A 50-year old female presented to the emergency department with a 6-day history of fever, progressively worsening cough and shortness of breath. The patient did not report any contact with anyone who had been recently unwell or had been travelling. Upon arrival to the emergency room, the patient was noted to be severely hypoxaemic by pulse oximetry (66%) and in impeding respiratory failure, so she was emergently intubated for mechanical ventilatory support.

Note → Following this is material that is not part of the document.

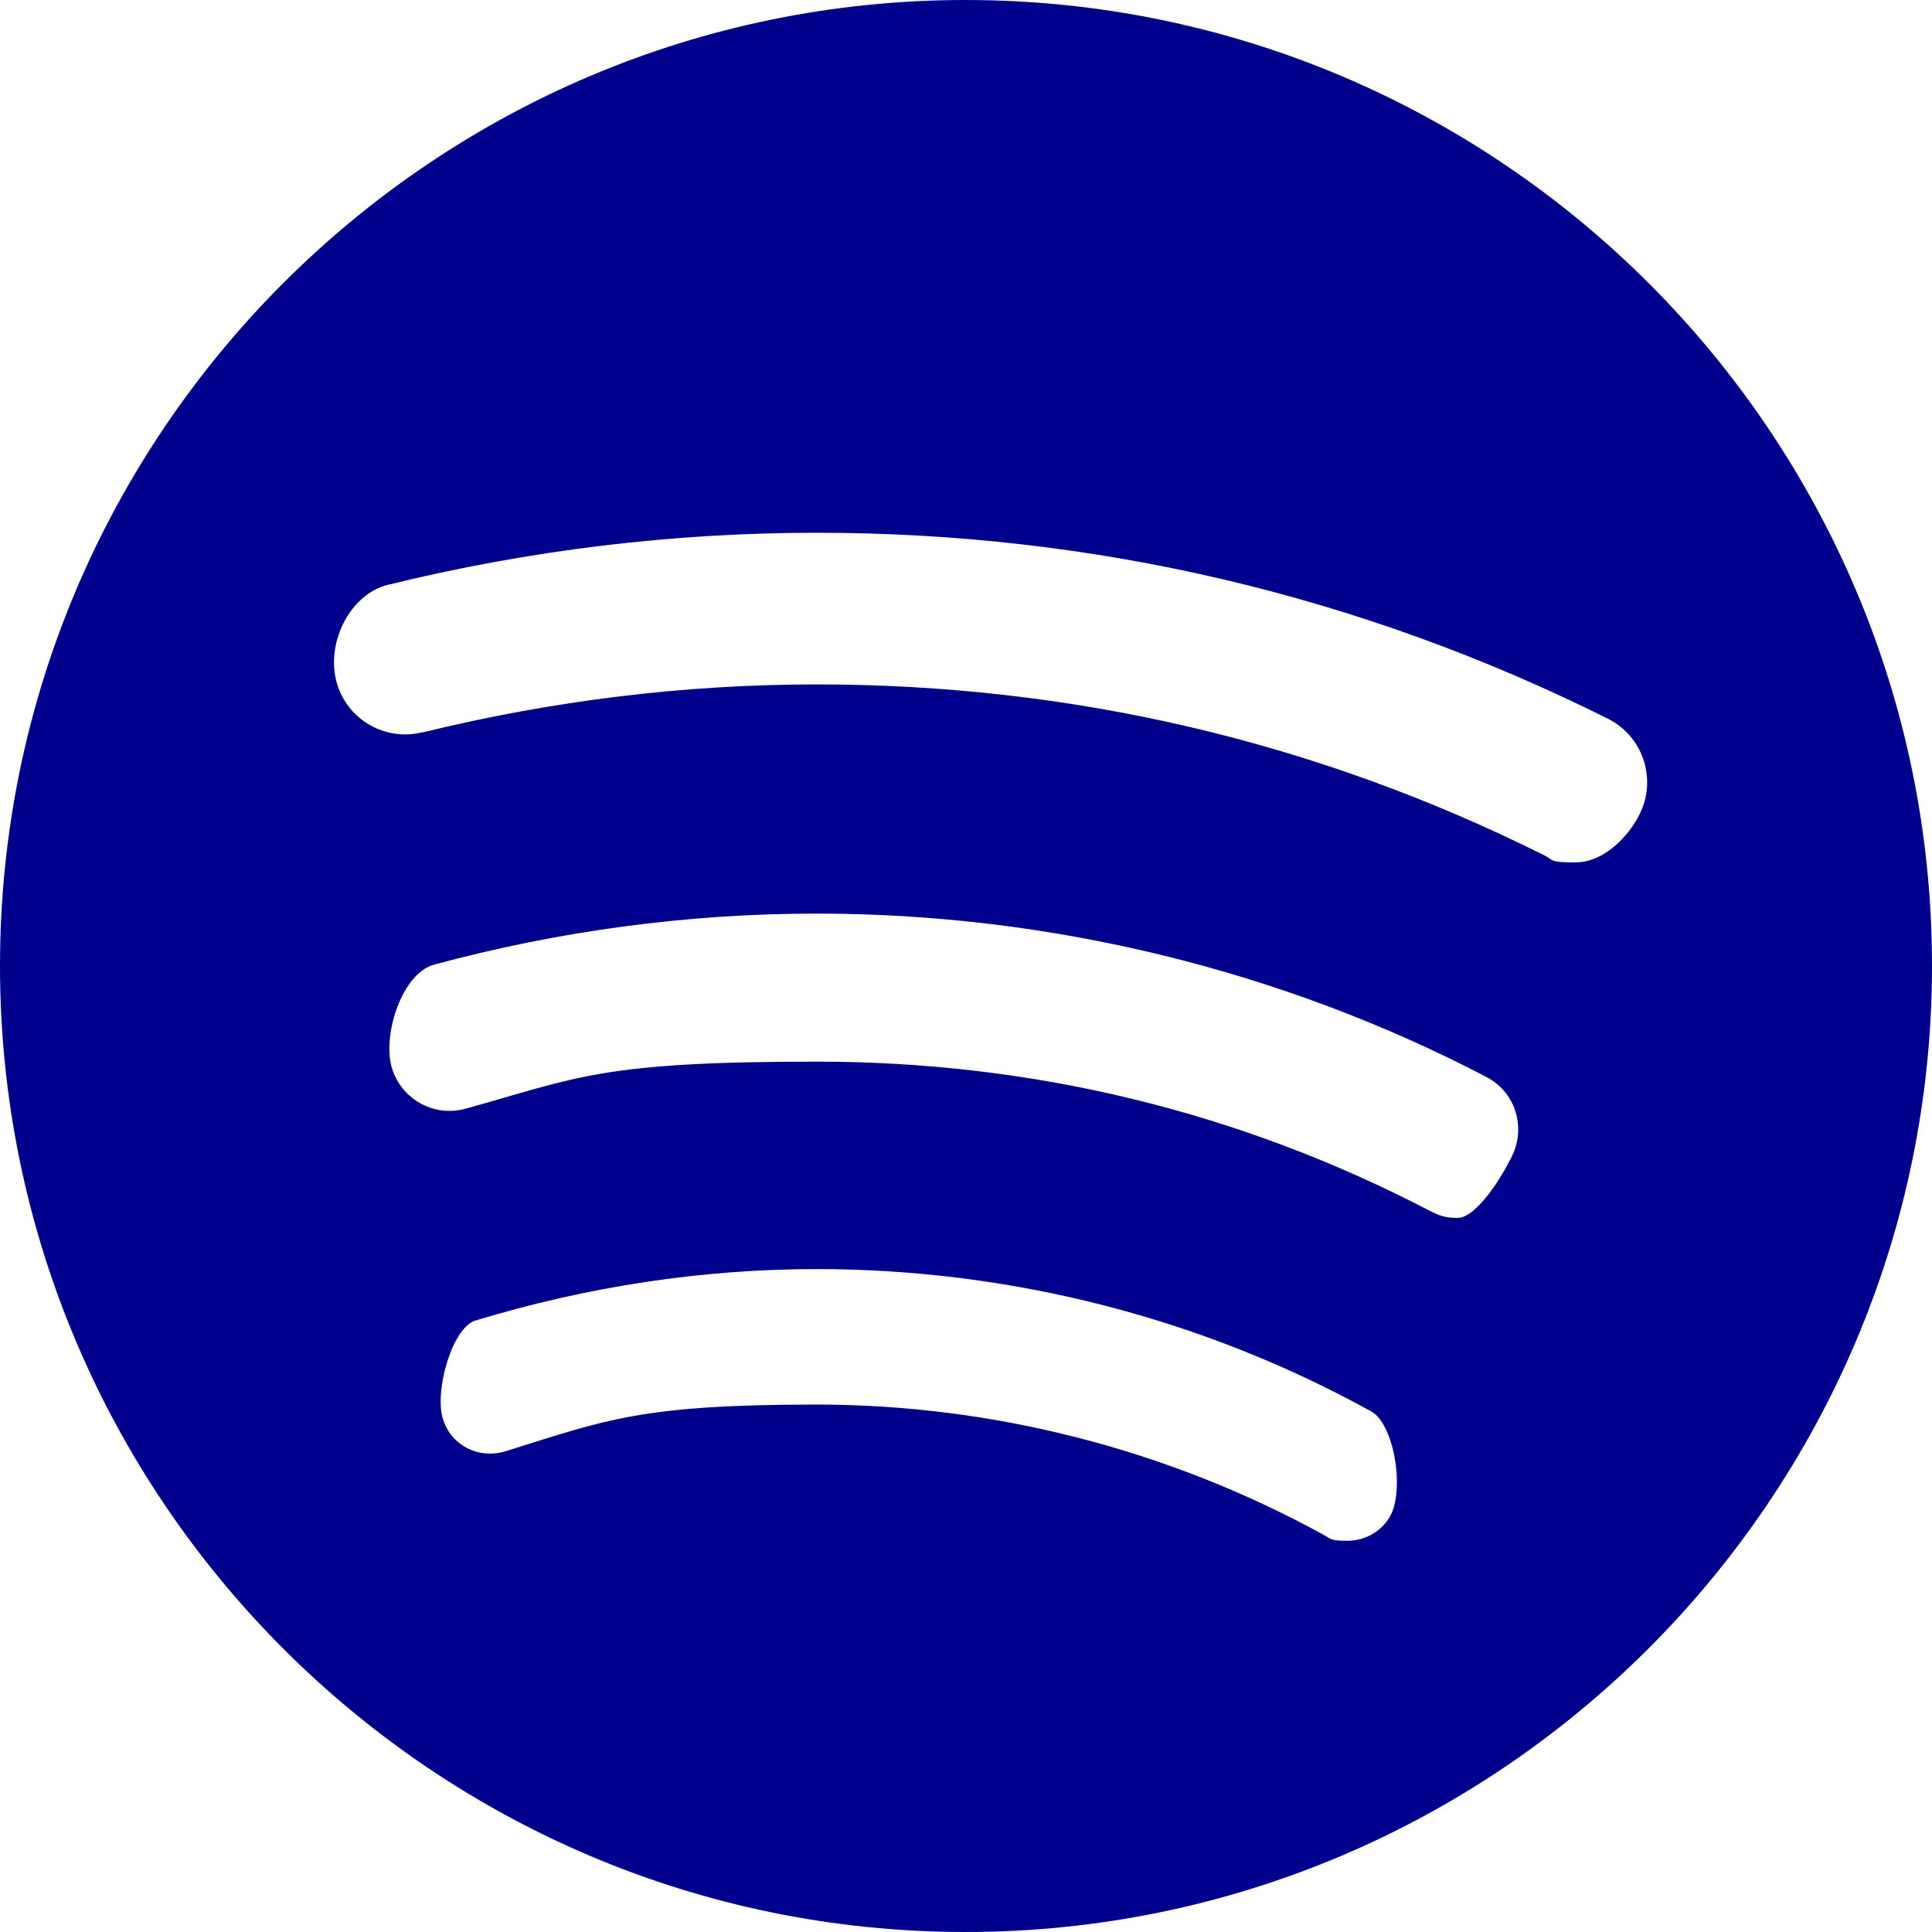 <?xml version="1.0" encoding="UTF-8"?><svg id="Layer_1" xmlns="http://www.w3.org/2000/svg" viewBox="0 0 800 800"><defs><style>.cls-1{fill:#00008c;stroke-width:0px;}</style></defs><path class="cls-1" d="m399.8,0C179.4,0,0,179.4,0,399.9s179.4,400.1,399.8,400.1,400.2-179.5,400.2-400.1S620.5,0,399.8,0Zm-202.9,546.8c46.4-14.1,93.9-21.3,141.3-21.3,80.5,0,159.9,20.4,229.7,59,4.2,2.3,7.9,9.7,9.6,19.1,1.7,9.3,1,18.9-1.7,23.9-3.4,6.4-10.4,10.5-17.8,10.5s-6.8-.8-10-2.5c-64.1-35.2-136.7-53.9-209.9-53.9s-87.6,6.5-129,19.4c-2,.6-4.1.9-6.2.9-9.1,0-16.9-5.8-19.5-14.3-3.6-11.7,3.8-37.7,13.4-40.8h.1Zm-17.4-147.3c51.7-14,105.1-21.2,158.7-21.2,96.4,0,192.2,23.3,277,67.5,5.9,3,10.3,8.1,12.3,14.4,2,6.4,1.4,13.2-1.8,19.3-7.6,14.8-16.4,24.8-22,24.8s-7.8-1-11.6-2.9c-78.7-41-164.2-61.8-253.9-61.8s-98.9,6.6-145.5,19.5c-2.2.6-4.4.9-6.6.9-11.2,0-21.1-7.6-24-18.4-3.7-14.1,4.8-38.7,17.5-42.1h-.1Zm-4.5-96.3c-2.4.6-4.8.9-7.2.9-13.6,0-25.3-9.2-28.6-22.3-4.1-16.6,6.3-35.9,21.3-39.6,58.4-14.4,118.2-21.6,177.6-21.6,115,0,225.2,25.9,327.5,76.9,7.1,3.5,12.4,9.6,14.9,17,2.5,7.5,2,15.5-1.6,22.7-4.8,9.6-15.1,19.9-26.5,19.9s-8.9-1-12.9-2.9c-94-47-195.3-70.8-301.4-70.8-54.5,0-109.4,6.7-163.2,19.9l.1-.1Z"/></svg>

Immediately post-intubation, arterial blood gas was as follows: pH 7.34, pCO2 31 mmHg, pO2 60 mmHg, O2 saturation 90%, calculated HCO3 16 mmol/l on FiO2 of 100% and PaO2/FIO2 ratio of 60. Her ventilatory mode was set at controlled minute ventilation, with a respiratory rate of 24, tidal volume of 300 cc (6 cc/ideal body weight), positive end-expiratory pressure (PEEP) of 20 cmH2O and FiO2 of 100%. The patient’s chest X-ray at the time of admission showed diffuse bilateral pulmonary opacities consistent with multifocal pneumonia or pulmonary oedema (Figure 1). Polymerase chain reaction (PCR) testing for severe acute respiratory syndrome coronavirus 2 (SARS-CoV-2) was sent and came back positive after 48 hours.

The patient was diagnosed with severe acute respiratory distress syndrome (ARDS), so was treated with inhaled pulmonary vasodilators, neuromuscular blockade and prone-position ventilation. In addition, she was evaluated for extracorporeal membrane oxygenation (ECMO) support. Her respiratory ECMO survival prediction score was 5, which classified her as risk class II, with an expected in-hospital survival of 76%. Cardiac biomarkers of brain natriuretic peptide (BNP) and troponin were 150 pg/ml and w0.26 ng/ml, respectively, on admission. Therefore, the critical care team deemed that the patient would benefit from ECMO. However, her underlying cardiovascular comorbidities raised concerns, such as the evaluation of volume status, cardiac function, lung and pleura evaluation, reassessment of lung recruitment with high PEEP and decision-making with regard to ECMO support. Furthermore, the results of the SARS–CoV2 test were still pending, thus the exact aetiology of her ARDS remained unclear.

Medical History

Her medical history was significant for morbid obesity (BMI of 54), type 2 diabetes, hypertension, non-alcoholic steatohepatitis, bipolar disorder and anxiety.

Our current diagnostic options for COVID-19 suspected/confirmed patients include supine transthoracic echocardiography, supine transthoracic echocardiography, prone transthoracic echocardiography and prone transoesophageal echocardiography. Forty-eight hours after initial presentation, the patient’s PCR testing for SARS-CoV-2 returned positive, confirming the diagnosis of COVID-19.

Diagnosis and Treatment

The key to the correct diagnosis, monitoring and management in this case of a patient presenting in severe acute hypoxic respiratory failure with multiple cardiac risk factors and elevated biomarkers is an appropriate utilisation of the point-of-care assessment of cardiopulmonary ultrasound. Transthoracic echocardiography (apical four-chamber view) in the prone position was performed and revealed normal right ventricular function by visual estimation (Figure 2). The left ventricular function appeared mildly decreased (estimated left ventricular ejection fraction 45–50%), which was also reflected in a left ventricular outflow tract velocity time integral of 14.5 cm and mitral annulus tissue velocity 10.2 cm/second (Figures 3 and 4). The lung ultrasonography findings included bilateral normal lung sliding, thickening of pleural lines, absence of pleural effusions and presence of 1–2 B-lines (Figures 5 and 6). The patient’s respiratory failure was not in proportion to the mild degree of left ventricular failure, and thus ARDS remained the most likely diagnosis. The decision was made to continue monitoring the patient’s clinical course with current medical therapy, and in the setting of further decompensation, transition to VV ECMO.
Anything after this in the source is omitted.